WHAT TO PRODUCE: The entries below must be retyped exactly. Pictures are to be omitted.

Extracted records:
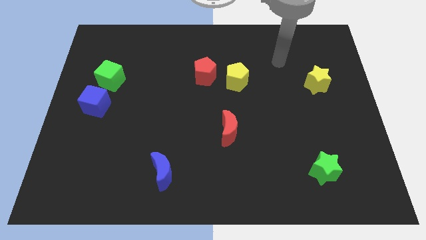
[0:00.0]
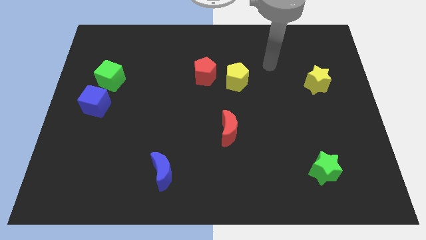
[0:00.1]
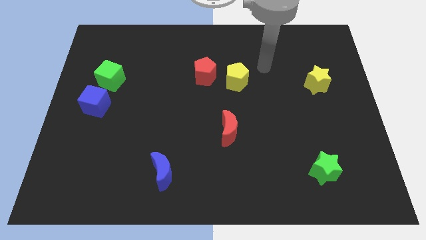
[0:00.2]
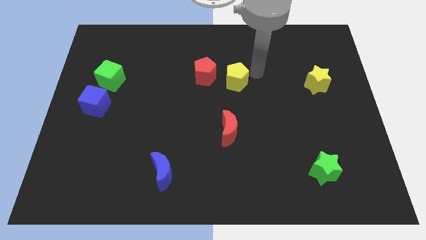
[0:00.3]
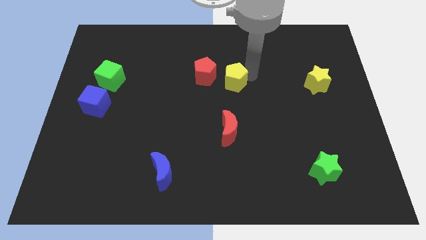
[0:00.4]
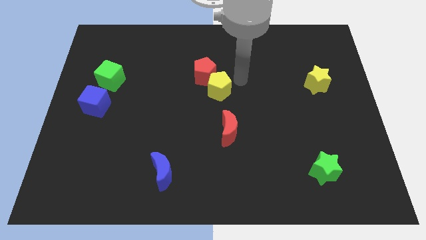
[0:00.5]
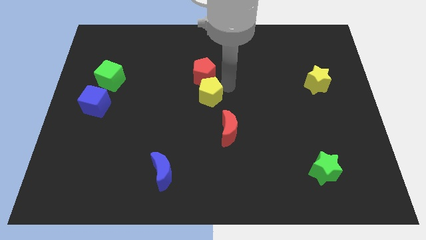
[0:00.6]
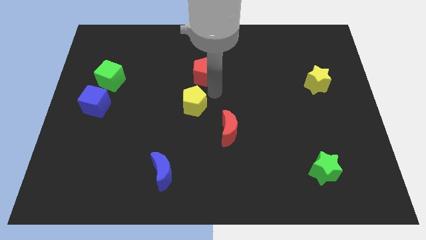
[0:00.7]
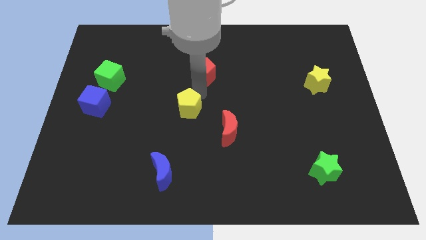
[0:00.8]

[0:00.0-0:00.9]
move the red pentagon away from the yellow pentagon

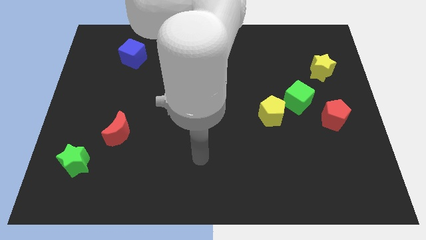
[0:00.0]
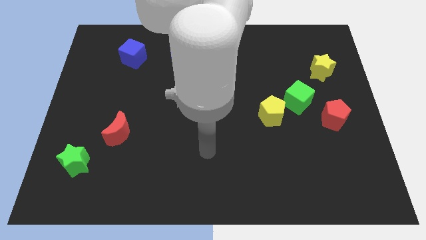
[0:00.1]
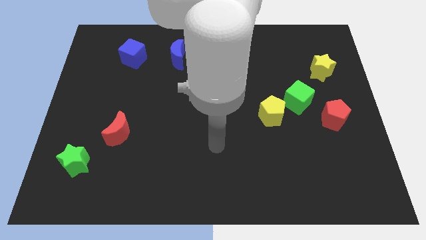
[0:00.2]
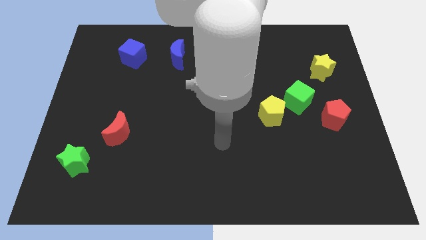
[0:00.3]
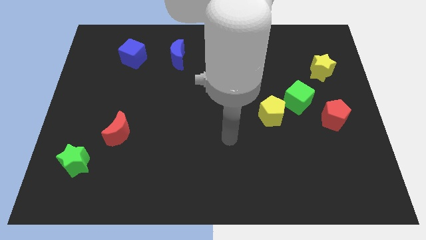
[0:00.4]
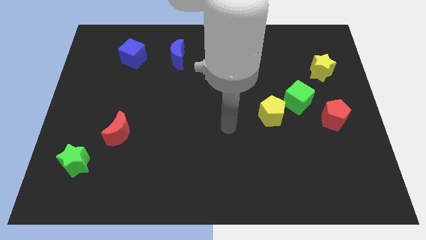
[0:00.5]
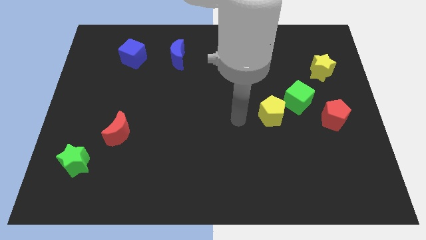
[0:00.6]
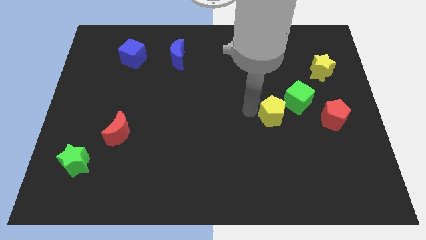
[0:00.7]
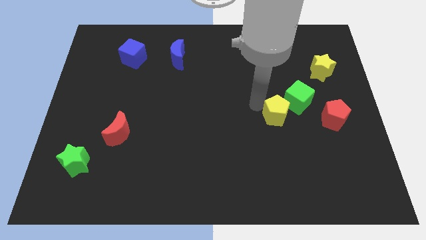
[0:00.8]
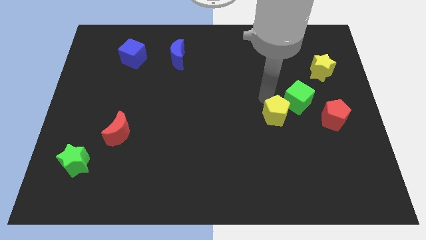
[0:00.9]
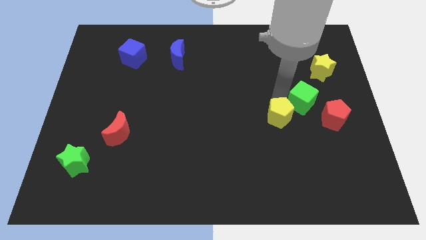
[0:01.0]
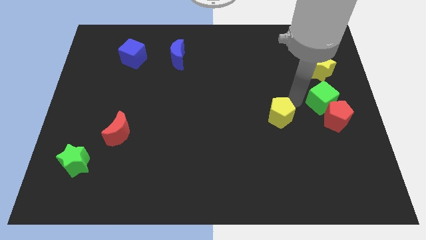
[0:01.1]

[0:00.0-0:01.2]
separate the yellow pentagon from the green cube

RESULT BELOW:
[0:00.0]
[0:00.1]
[0:00.2]
[0:00.3]
[0:00.4]
[0:00.5]
[0:00.6]
[0:00.7]
[0:00.8]

[0:00.0-0:00.9]
move the red pentagon away from the yellow pentagon

[0:00.0]
[0:00.1]
[0:00.2]
[0:00.3]
[0:00.4]
[0:00.5]
[0:00.6]
[0:00.7]
[0:00.8]
[0:00.9]
[0:01.0]
[0:01.1]

[0:00.0-0:01.2]
separate the yellow pentagon from the green cube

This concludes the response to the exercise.